Writing binary data:


scipy.io.fwrite(fp, data.size, data.astype('int16').squeeze())
data.astype('int16').squeeze().tofile(fp, sep="")
 


Writing ASCII (i.e. tabular) data. I do this all the time when exporting large data sets to R. Write a header
line to the file first, and adjust the format string for your data.

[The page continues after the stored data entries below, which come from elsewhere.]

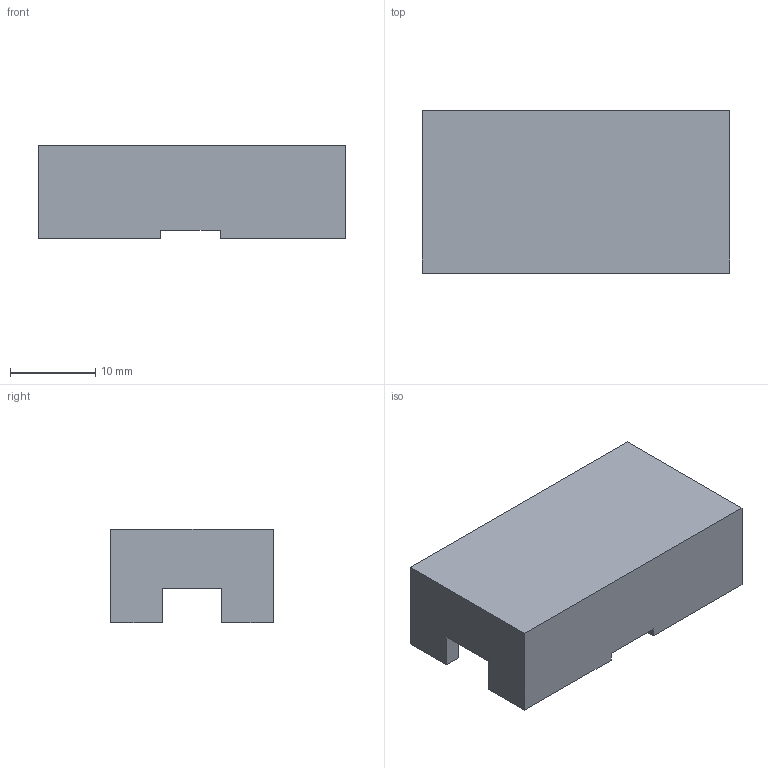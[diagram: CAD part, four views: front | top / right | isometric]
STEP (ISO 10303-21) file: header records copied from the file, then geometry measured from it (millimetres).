
FILE_DESCRIPTION(/* description */ (''),/* implementation_level */ '2;1');
FILE_NAME(/* name */ 'ElectronicHousing.step',/* time_stamp */ '2025-11-23T10:35:00+01:00',/* author */ (''),/* organization */ (''),/* preprocessor_version */ 'ST-DEVELOPER v20.1',/* originating_system */ 'Autodesk Translation Framework v14.21.0.0',/* authorisation */ '');
FILE_SCHEMA (('AUTOMOTIVE_DESIGN { 1 0 10303 214 3 1 1 }'));
Length unit declared in the file: millimetre
Products named in the file (1): ElectronicHousing
Bounding box: 36 x 19 x 11 mm (x, y, z)
Volume: 2985.3 mm3; surface area: 3260.3 mm2
Topology: 1 solids, 1 shells, 29 faces, 77 edges, 51 vertices
Faces by surface type: plane 27, torus 1, cylinder 1
Full cylindrical faces by diameter (mm): 2.7 x1
Entity records: 920 total; most frequent: CARTESIAN_POINT 158, ORIENTED_EDGE 154, DIRECTION 141, EDGE_CURVE 77, LINE 73, VECTOR 73, VERTEX_POINT 51, AXIS2_PLACEMENT_3D 34

scipy.io.write_array(fp, data.astype('i'))
numpy.savetxt(fp, data, fmt="%i")
 


Reading binary data (PCM sound data in this case):


data = scipy.io.fread(fp, frames, 'h', 'h')
data = numpy.fromfile(fp, dtype='h', count=frames)
 


An alternative is to use numpy's builtin memory-mapped file access, described here. This method supports complex and structured data types. For instance, I could replace my function for reading PCM data with the following line:


data = numpy.memmap("data.pcm", dtype='h', mode='r')
 


Python should handle the garbage collection on the object (data) when its reference count drops to zero, but I haven't tested this extensively. And of course you have to be careful about writing to the array, because it will affect what's on the disk. Setting the object to read-only mode (as above) will prevent this from happening, but a RuntimeError will be thrown if you try to modify the array.